Task objective: Looking at the material below, work out how many of its lines hold the string "Rettangolo". Give that figure alone.

Information supplied:

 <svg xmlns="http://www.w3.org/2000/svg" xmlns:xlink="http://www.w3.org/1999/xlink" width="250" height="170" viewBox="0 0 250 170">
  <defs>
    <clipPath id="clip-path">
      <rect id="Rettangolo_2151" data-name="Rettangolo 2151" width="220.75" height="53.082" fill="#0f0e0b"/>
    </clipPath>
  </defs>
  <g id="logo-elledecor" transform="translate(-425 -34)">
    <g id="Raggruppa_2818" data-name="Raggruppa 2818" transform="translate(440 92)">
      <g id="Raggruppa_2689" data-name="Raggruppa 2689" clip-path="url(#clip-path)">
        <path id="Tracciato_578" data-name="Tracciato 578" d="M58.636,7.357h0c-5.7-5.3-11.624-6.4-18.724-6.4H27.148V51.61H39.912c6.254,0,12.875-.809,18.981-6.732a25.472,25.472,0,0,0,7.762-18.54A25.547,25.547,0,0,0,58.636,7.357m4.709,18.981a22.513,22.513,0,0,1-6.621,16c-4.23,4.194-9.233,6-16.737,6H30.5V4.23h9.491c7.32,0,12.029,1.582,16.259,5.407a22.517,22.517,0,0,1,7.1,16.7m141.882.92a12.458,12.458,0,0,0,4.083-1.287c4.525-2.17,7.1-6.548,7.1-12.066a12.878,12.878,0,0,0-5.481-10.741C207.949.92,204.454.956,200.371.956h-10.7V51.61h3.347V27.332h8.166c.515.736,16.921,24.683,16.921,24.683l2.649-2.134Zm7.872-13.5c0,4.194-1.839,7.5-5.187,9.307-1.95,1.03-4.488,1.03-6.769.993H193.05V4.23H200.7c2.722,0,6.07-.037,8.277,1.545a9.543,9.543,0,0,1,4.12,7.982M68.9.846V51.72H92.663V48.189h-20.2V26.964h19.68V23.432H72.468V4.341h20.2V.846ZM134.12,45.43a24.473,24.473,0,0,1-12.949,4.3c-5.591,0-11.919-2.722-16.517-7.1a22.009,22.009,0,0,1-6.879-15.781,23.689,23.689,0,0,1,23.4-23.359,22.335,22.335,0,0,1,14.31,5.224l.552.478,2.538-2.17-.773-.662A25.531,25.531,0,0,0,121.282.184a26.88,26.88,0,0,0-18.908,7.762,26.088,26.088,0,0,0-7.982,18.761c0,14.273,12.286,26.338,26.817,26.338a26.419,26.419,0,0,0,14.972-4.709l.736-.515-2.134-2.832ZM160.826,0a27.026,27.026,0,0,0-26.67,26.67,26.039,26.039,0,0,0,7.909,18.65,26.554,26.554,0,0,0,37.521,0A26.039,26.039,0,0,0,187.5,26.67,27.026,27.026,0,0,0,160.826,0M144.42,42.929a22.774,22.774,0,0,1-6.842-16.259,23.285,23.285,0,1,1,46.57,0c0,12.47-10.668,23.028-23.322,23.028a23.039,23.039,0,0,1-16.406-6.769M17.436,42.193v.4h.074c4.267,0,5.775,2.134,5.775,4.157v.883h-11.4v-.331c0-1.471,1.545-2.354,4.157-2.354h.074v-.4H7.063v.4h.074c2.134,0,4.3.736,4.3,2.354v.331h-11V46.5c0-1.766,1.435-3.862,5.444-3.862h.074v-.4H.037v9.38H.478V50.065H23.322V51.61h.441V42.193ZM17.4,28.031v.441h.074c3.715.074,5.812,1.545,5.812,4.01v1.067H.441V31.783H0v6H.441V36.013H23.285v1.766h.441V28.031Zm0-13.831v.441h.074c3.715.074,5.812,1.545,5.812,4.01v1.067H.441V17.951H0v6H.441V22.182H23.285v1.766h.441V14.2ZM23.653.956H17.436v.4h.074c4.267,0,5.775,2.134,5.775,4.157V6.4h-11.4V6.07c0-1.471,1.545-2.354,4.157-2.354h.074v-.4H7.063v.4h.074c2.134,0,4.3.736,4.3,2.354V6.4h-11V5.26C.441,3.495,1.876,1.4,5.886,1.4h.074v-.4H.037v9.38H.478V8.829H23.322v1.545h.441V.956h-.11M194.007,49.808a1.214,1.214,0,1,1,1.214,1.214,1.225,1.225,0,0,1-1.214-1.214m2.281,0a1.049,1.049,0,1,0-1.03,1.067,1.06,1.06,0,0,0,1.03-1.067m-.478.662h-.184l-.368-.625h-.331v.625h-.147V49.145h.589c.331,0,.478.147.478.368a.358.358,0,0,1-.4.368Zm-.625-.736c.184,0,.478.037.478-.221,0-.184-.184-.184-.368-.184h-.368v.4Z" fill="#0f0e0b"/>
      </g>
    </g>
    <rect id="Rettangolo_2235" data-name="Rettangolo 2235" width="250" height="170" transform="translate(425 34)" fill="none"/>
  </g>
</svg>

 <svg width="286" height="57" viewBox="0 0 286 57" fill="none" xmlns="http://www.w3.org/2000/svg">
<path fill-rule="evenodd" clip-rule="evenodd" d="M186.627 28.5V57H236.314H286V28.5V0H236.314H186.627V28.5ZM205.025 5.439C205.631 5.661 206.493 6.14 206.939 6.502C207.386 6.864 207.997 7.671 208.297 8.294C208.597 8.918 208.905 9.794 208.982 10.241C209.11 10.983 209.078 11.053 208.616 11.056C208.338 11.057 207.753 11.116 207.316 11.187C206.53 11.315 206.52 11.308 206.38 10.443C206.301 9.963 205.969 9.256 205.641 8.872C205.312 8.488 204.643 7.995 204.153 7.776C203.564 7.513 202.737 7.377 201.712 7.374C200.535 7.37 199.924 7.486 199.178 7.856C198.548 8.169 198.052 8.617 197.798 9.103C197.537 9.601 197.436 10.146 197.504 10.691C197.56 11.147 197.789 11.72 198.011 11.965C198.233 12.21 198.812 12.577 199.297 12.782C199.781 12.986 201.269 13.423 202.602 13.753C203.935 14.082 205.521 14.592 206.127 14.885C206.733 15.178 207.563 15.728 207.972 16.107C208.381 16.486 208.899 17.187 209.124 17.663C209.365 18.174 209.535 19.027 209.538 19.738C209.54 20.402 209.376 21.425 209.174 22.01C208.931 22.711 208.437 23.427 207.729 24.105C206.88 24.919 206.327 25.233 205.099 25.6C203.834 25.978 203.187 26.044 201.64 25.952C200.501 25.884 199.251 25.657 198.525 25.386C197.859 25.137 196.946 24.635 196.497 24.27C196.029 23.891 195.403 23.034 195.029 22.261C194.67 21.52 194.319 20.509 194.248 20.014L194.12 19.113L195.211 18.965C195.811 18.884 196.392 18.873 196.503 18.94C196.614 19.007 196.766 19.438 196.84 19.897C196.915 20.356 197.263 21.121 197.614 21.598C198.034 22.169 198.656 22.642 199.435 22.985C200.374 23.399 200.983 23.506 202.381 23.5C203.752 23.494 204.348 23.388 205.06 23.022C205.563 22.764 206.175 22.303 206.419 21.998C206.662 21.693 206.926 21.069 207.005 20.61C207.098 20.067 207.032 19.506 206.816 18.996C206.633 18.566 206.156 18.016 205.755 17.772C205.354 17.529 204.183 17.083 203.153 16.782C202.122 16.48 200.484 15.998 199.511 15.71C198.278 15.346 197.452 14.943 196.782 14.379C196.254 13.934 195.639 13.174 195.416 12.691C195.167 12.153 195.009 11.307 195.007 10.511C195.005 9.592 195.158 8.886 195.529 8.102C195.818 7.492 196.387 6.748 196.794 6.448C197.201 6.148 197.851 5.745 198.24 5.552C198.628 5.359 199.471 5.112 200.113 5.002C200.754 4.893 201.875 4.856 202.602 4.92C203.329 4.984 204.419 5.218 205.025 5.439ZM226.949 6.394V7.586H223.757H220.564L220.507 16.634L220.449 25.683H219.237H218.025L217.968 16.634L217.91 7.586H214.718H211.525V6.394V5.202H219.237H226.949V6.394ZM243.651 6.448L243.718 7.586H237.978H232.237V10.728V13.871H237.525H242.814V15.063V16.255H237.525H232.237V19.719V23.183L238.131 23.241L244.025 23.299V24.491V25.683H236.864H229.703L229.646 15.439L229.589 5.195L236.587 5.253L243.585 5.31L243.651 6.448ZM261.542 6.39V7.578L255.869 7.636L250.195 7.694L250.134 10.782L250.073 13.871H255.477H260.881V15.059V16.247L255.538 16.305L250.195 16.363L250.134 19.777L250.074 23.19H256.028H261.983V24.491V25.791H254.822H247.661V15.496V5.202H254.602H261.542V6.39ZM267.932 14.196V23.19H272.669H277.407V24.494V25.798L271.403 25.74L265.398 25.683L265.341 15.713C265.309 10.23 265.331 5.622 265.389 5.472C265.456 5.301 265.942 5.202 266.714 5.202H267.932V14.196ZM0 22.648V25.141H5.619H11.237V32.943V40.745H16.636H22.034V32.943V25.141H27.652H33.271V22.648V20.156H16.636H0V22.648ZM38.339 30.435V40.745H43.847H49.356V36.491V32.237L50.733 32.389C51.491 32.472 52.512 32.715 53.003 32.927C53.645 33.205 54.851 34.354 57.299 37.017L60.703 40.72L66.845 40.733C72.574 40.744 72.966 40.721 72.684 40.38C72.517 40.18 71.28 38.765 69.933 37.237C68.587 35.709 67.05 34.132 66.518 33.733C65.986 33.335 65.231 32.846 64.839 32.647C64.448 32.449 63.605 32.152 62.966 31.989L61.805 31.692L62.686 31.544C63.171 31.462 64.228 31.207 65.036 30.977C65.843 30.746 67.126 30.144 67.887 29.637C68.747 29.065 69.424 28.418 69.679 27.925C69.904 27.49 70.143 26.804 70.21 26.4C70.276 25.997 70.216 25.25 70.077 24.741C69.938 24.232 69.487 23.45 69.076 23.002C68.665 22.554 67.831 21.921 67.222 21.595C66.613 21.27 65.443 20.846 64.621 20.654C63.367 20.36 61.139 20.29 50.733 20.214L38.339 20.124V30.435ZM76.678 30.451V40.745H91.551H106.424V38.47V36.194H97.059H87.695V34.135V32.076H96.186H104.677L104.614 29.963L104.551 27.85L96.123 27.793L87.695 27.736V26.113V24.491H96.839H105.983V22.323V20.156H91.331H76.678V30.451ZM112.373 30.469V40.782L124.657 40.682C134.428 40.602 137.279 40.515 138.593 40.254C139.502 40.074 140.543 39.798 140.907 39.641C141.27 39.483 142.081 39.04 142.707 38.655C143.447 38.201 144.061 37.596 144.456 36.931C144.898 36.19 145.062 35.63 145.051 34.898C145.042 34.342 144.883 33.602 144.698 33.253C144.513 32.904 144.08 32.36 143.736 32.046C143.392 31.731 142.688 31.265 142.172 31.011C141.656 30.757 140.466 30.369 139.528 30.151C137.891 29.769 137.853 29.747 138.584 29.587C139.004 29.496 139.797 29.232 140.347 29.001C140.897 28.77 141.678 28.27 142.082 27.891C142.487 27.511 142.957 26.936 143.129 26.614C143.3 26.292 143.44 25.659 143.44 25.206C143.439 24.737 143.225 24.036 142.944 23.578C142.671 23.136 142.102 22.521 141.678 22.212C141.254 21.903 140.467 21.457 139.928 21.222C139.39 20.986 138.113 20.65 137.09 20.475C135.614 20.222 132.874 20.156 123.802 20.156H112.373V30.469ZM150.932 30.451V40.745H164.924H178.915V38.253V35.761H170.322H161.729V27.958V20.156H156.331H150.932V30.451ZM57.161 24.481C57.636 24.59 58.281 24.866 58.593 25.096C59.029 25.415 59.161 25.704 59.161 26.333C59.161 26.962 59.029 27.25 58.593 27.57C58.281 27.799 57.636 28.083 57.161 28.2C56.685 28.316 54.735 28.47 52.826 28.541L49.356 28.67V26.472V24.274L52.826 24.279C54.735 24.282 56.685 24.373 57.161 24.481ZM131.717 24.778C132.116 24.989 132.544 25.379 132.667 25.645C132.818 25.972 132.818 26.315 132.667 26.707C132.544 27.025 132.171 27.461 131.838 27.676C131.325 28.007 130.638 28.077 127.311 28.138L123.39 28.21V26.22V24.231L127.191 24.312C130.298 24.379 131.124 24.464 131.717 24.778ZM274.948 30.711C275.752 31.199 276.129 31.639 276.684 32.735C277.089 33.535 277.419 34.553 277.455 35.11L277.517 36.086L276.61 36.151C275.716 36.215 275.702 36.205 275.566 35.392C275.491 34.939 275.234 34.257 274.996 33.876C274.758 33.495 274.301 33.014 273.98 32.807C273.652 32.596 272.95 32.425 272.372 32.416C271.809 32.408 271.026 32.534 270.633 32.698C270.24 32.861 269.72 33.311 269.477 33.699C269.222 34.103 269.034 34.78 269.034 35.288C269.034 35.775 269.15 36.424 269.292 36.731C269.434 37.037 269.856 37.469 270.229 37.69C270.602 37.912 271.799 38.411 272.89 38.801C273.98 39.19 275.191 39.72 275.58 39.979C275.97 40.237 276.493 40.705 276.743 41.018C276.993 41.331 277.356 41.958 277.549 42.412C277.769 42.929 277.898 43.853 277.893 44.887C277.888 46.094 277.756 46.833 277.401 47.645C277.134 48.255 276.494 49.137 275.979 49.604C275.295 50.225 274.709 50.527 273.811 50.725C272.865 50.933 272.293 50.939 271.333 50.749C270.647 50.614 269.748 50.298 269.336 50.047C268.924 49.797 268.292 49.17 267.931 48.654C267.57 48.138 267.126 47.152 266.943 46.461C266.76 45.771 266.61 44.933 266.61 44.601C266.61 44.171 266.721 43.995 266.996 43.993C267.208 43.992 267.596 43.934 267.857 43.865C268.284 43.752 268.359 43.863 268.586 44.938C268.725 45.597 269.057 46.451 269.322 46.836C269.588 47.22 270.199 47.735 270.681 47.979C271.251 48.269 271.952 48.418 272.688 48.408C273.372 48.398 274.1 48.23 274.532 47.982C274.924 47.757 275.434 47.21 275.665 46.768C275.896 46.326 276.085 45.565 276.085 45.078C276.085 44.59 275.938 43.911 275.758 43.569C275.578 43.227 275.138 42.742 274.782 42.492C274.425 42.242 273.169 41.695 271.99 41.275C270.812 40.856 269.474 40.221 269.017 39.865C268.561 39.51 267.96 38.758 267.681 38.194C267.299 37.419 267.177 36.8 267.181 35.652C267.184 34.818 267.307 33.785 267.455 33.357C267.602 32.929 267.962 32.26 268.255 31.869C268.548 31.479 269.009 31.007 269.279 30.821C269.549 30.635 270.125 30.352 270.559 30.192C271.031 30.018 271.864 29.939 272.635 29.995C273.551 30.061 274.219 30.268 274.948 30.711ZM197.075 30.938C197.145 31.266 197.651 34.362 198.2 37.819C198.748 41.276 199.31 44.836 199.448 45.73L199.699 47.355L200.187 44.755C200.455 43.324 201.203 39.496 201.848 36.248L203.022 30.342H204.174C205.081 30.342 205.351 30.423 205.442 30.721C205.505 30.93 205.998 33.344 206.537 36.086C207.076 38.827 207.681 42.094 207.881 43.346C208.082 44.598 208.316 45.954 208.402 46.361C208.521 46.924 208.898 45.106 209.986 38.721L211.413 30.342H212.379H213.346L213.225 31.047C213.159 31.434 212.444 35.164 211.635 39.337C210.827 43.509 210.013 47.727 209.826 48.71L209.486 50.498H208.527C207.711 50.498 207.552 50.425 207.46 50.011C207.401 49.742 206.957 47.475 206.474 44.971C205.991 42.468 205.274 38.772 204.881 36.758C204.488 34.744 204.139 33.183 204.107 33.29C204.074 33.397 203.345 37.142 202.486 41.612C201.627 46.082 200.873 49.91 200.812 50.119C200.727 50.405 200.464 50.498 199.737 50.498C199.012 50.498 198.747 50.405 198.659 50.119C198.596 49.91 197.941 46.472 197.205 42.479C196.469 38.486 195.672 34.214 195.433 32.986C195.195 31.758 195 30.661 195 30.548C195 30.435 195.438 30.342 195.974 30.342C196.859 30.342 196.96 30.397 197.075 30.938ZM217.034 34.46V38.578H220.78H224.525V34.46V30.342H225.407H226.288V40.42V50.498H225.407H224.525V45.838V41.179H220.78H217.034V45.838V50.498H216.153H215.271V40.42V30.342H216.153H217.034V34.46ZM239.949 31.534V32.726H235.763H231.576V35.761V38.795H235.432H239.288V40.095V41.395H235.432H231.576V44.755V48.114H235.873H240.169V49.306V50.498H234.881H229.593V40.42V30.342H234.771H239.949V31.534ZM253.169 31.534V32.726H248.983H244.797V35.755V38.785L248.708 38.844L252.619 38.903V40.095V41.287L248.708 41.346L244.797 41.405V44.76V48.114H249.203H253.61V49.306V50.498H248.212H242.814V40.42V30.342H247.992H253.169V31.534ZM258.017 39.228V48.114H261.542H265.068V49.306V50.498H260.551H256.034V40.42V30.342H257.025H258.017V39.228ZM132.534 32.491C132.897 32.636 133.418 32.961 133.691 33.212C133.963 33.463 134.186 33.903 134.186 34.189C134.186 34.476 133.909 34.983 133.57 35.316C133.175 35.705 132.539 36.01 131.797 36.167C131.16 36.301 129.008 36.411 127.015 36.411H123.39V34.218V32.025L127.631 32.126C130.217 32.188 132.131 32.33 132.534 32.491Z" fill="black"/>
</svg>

Final answer: 2